23 April 2017 / Renungan Harian

Damai Hadir, Takut Hilang


media

Damai Hadir, Takut Hilang

Yohanes 20:19-31

"Damai sejahtera bagi kamu! Sama seperti Bapa mengutus Aku, demikian juga sekarang Aku mengutus kamu." (Yoh. 20:21)

Suasana tenang, aman, dan damai merupakan dambaan semua orang. Sayangnya, akhir-akhir ini kita melihat beragam peristiwa yang jauh dari dambaan kita itu. Konflik, peperangan, dan penderitaan terjadi di mana-mana. Kedamaian lenyap dalam hidup kita.

Para murid mengalami situasi yang mengguncangkan setelah kematian Yesus. Meski berita kebangkitan telah mereka dengar, berita itu tampaknya tidak meyakinkan mereka. Mereka mengunci diri karena takut. Pada saat itulah Yesus hadir dan menyapa, "Damai sejahtera bagi kamu!" Sapaan itu menyejukkan sekaligus memecahkan keragu-raguan mereka terhadap berita kebangkitan Yesus. Yesus telah menampakkan diri dan menguatkan mereka. Hingga tiga kali Yesus berkata demikian kepada para murid. Kali ketiga, Tomas yang penuh keraguan ada di antara para murid. Ia lantas menyatakan imannya setelah melihat tanda-tanda yang diperlihatkan Yesus. Tindakan Yesus itu menguatkan para murid pada waktu itu dan kita pada saat ini. Kita yang tidak pernah melihat Yesus juga diajak untuk percaya kepada-Nya. Untuk kita jugalah, Ia berkata, "Berbahagialah mereka yang tidak melihat namun percaya."

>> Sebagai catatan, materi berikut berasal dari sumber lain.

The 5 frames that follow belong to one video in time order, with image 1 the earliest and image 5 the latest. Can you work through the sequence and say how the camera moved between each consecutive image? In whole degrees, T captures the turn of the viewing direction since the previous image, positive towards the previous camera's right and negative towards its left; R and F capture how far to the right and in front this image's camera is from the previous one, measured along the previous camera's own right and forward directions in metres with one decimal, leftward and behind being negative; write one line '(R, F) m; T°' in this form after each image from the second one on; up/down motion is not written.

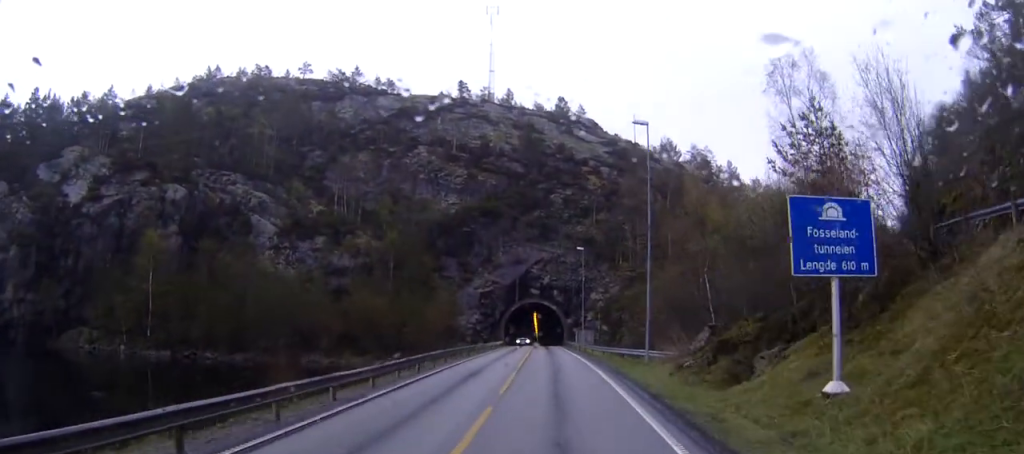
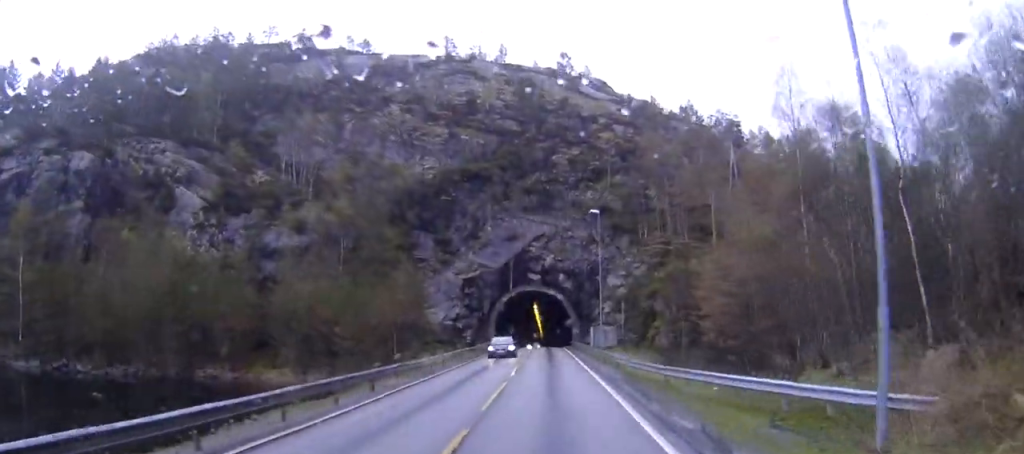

Salah satu wujud kehadiran Allah dalam hidup ialah adanya kedamaian. Kedamaian mengubah ketakutan menjadi keberanian. Keragu-raguan pun diubah menjadi keyakinan untuk bersaksi tentang Kristus.

 


Doa:

Tuhan, buatlah kami makin yakin akan kasih dan penyertaan-Mu dalam hidup kami. Amin.